Явление Исаянца

Михаил Непомнящий
Много на «стихире» стихотворцев, очень много, пожалуй, даже слишком.
Как среди этого моря разливанного увидеть, не пропустить настоящего,
сильного версификатора, не говоря уже об истинном поэте?

Графомана (вот ведь тоже весьма размытое понятие), или, скажем так,
слабого автора, узнаешь моментально, по первой строчке; для «узнавания»
поэта строчки, пожалуй, недостаточно, нужно, как минимум, стихотворение,
еще лучше – цикл, подборка, избранное и т.п. И чем значительней
автор, тем больший массив текстов требуется для осмысления его
места в литпроцессе.

Перед нами 65 стихотворений Валерия Исаянца, опубликованных на сайте Виктором Образцовым   ( http://www.stihi.ru/avtor/isaianc ).


Такого количества, может быть, и недостаточно, чтобы постичь весьма непростой поэтический мир, но, в то же время, вполне хватает, чтобы понять,
что речь идет о настоящем поэте и о настоящей поэзии, поскольку,
какой бы сложной, запутанной, обширной и т.д. ни была картина
этого мира, она не могла в той или иной степени не отразиться в опубликованных стихотворениях.

Не являясь ни профессиональным критиком, ни литературоведом, попытаюсь
рассмотреть поэзию Исаянца главным образом с точки зрения «потребителя»
(того, кто регулярно и в большом количестве читает стихотворные тексты), ну и немного – с точки зрения «производителя» (что делать, любой потребитель поэзии рано или поздно становится производителем – ну, пусть не поэзии, но хотя бы чего-то к ней стремящегося).

Первое впечатление – шок!
Что это? Новое пришествие Мандельштама?
Реинкарнация Хлебникова?
Джими Хендрикс от стихосложения?
Боюсь, последнее сопоставление требует пояснения. Речь, в первую
очередь, идет о свободе обращения с «сырьем» (в нашем случае –
с ресурсами языка), об абсолютном слиянии автора-исполнителя с
инструментом, таком слиянии, когда кажется, что то ли инструмент стал
частью артиста (вот уж воистину «от всего человека вам остается
часть»), то ли артист сам превратился в приложение-продолжение
инструмента (то ли человек виртуозно владеет «вещью», то ли «вещь»
полностью подчинила его своей «воле»).


Какой-то особой, я бы сказал, первозданной свежестью веет от этих
текстов, как будто ребенок, долго молчавший и, наконец, заговоривший,
упивается еще новым для него процессом, не замолкая ни на секунду,
коверкая порой слова и смыслы, занимаясь словотворчеством, изобретая
свои собственные обороты, еще не ведая ограничений, штампов, правил
сочетаемости, не зная именно того, на чем строится закостеневшая, остановившаяся в развитии речь его взрослых соплеменников.
Это – диалог автора, в первую очередь, с самим собой, поток сознания, выплеснувшийся наружу, подобно кипящей лаве, застывающей (но еще не застывшей) в виде стихотворения.
Это особый язык, он весь в движении, в развитии, он поражает своей нестандартностью. Никогда нельзя предугадать, какой будет следующая фраза (словосочетание, слово): это непрекращающееся творчество, творение как акт и, практически всегда, – как результат.

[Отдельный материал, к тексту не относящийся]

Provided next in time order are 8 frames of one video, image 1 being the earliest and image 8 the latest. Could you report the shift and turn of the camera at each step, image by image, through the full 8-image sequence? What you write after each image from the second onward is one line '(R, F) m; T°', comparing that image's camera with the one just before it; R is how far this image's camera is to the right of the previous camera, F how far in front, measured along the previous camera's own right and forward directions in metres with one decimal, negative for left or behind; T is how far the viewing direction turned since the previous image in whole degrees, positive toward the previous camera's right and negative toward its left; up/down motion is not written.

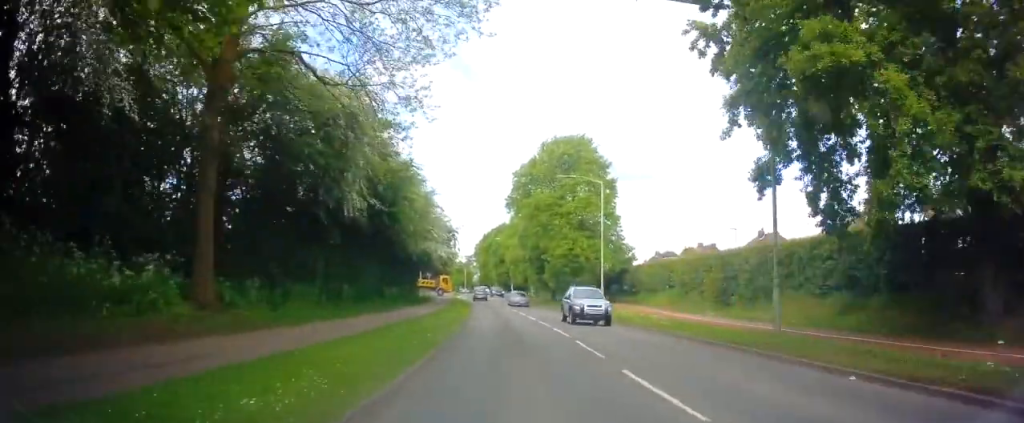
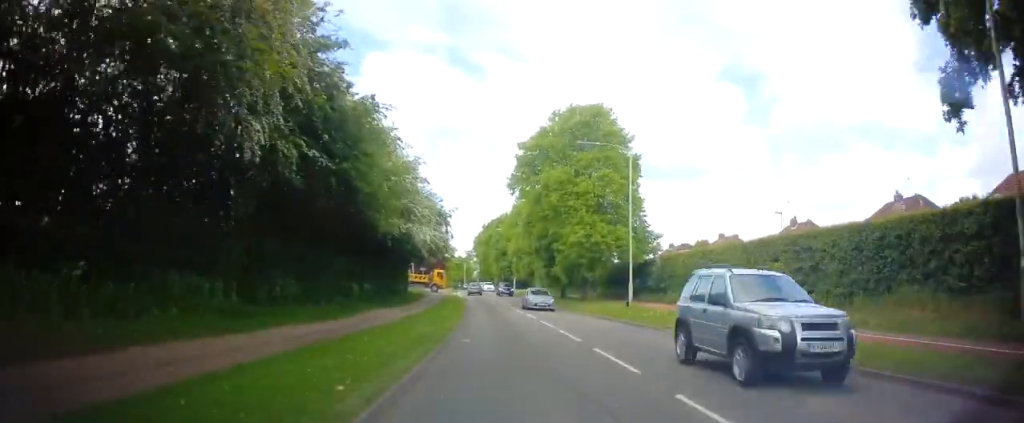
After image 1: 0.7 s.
(0.0, +8.4) m; 0°
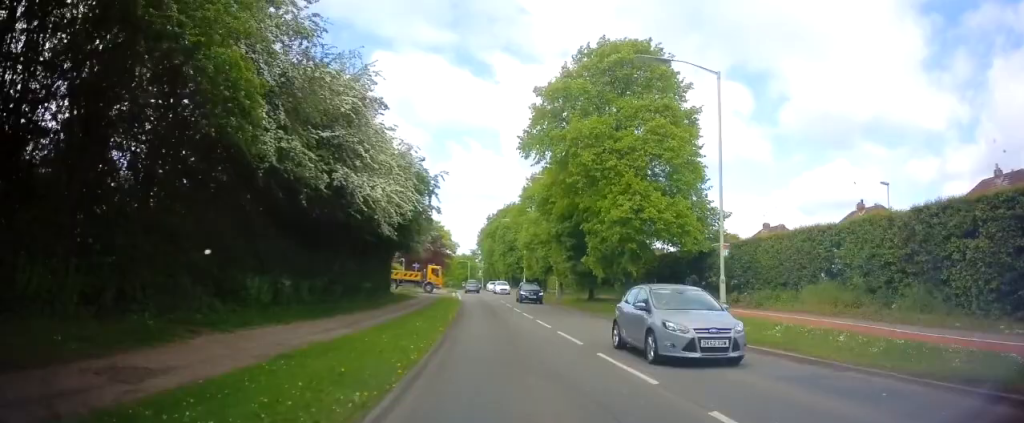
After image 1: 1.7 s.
(0.0, +12.7) m; 0°
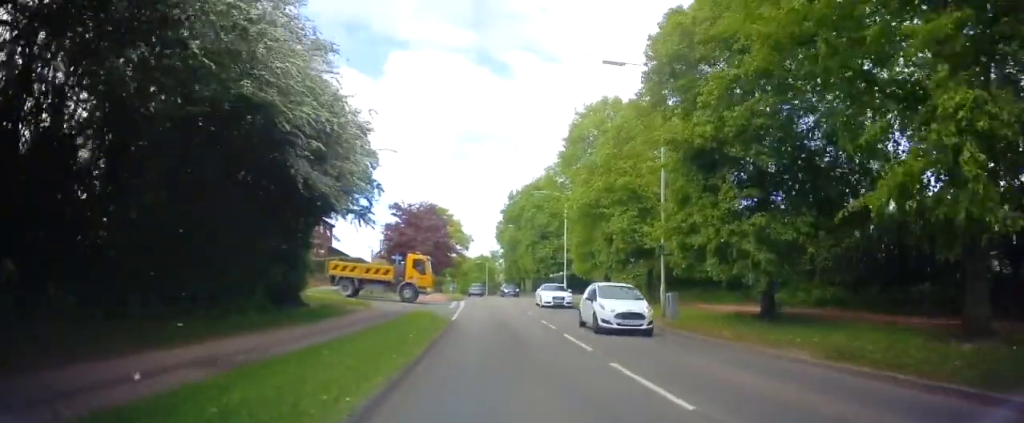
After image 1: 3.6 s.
(-1.0, +24.9) m; -2°
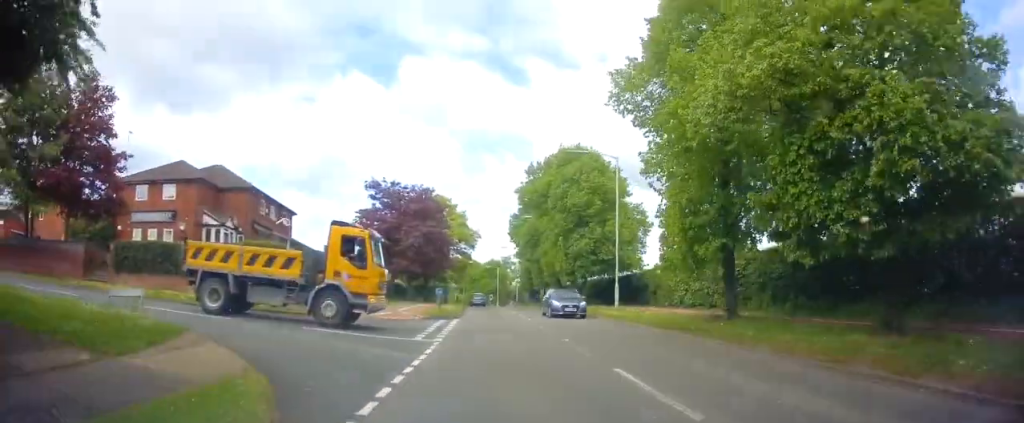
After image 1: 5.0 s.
(+0.3, +17.5) m; 0°
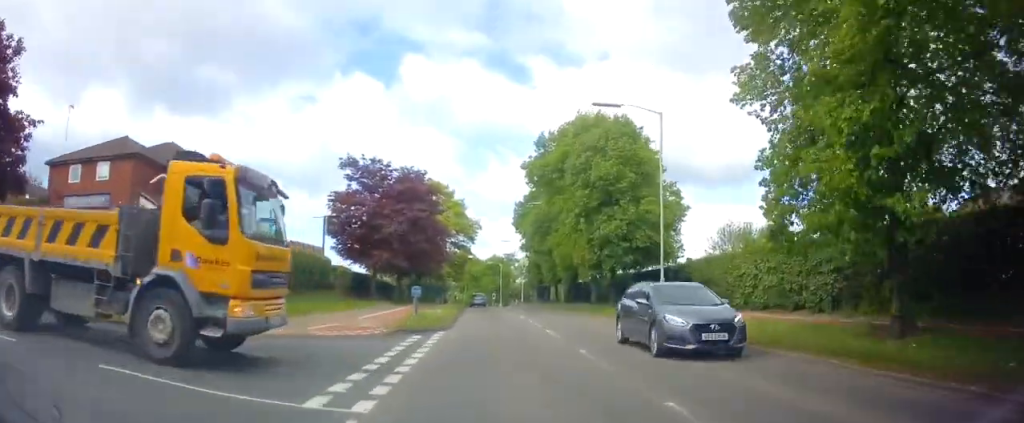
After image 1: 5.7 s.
(-0.2, +8.6) m; 0°
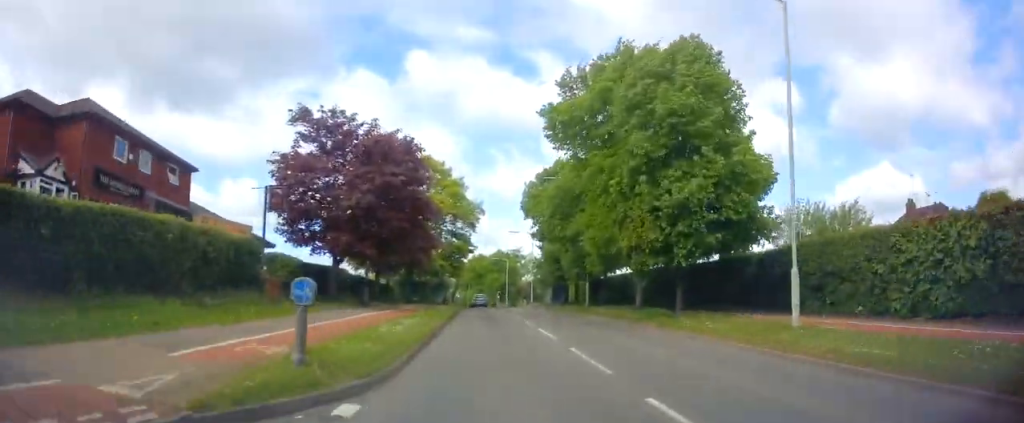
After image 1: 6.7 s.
(+0.4, +11.3) m; -3°
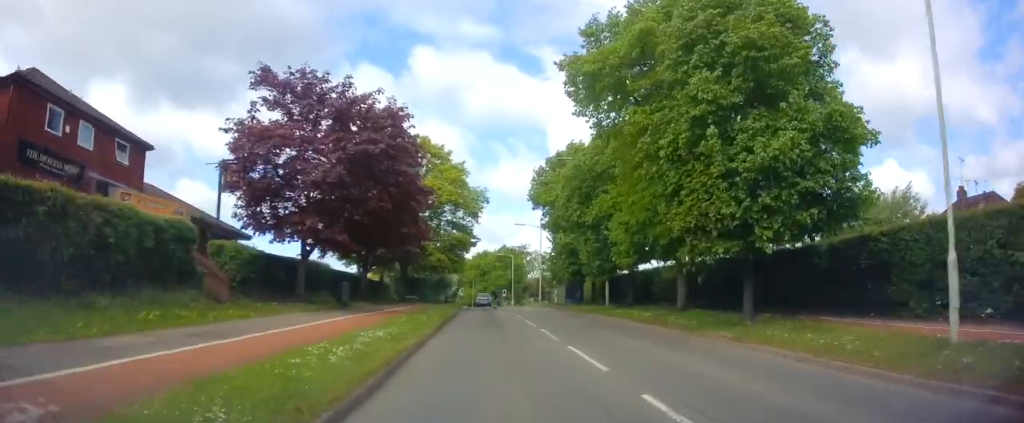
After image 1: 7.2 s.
(-0.6, +5.6) m; 0°

Стихи Исаянца могут быть написаны по поводу (именно – по поводу!) чего угодно, но истинной причиной высказывания, его главной побудительной силой у Исаянца, на мой взгляд, практически всегда является язык (ну как тут не вспомнить нобелевскую лекцию Бродского?), тот самый язык, который, при всей своей сакральности, тем не менее, хотя бы с формальной стороны (фонетика, графика, синтаксис, словообразование) дан нам в ощущении, а это значит, что моему стихийному структурализму есть за что ухватиться.

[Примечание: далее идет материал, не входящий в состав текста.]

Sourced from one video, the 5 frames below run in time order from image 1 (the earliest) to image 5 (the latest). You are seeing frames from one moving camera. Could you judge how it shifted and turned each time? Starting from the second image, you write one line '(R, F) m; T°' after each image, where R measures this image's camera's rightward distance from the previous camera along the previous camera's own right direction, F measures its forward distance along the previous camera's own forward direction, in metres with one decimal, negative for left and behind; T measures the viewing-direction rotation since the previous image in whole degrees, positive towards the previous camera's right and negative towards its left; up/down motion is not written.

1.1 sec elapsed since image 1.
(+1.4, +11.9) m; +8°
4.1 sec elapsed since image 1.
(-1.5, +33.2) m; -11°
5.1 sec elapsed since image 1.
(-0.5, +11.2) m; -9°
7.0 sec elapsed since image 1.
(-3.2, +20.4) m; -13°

Не считая структурализм идеальным методом, все же воспользуюсь им, по той причине, что, на мой взгляд, он позволяет говорить о вещах заведомо субъективных с некоторой долей объективности.


Итак, каковы же, если и не законы (трудно говорить о законах по отношению
к живому, развивающемуся явлению, тем более, основываясь на весьма
ограниченном материале), то хотя бы приметы, родовые черты этого
необычного, необычайного языка – поэтики Исаянца?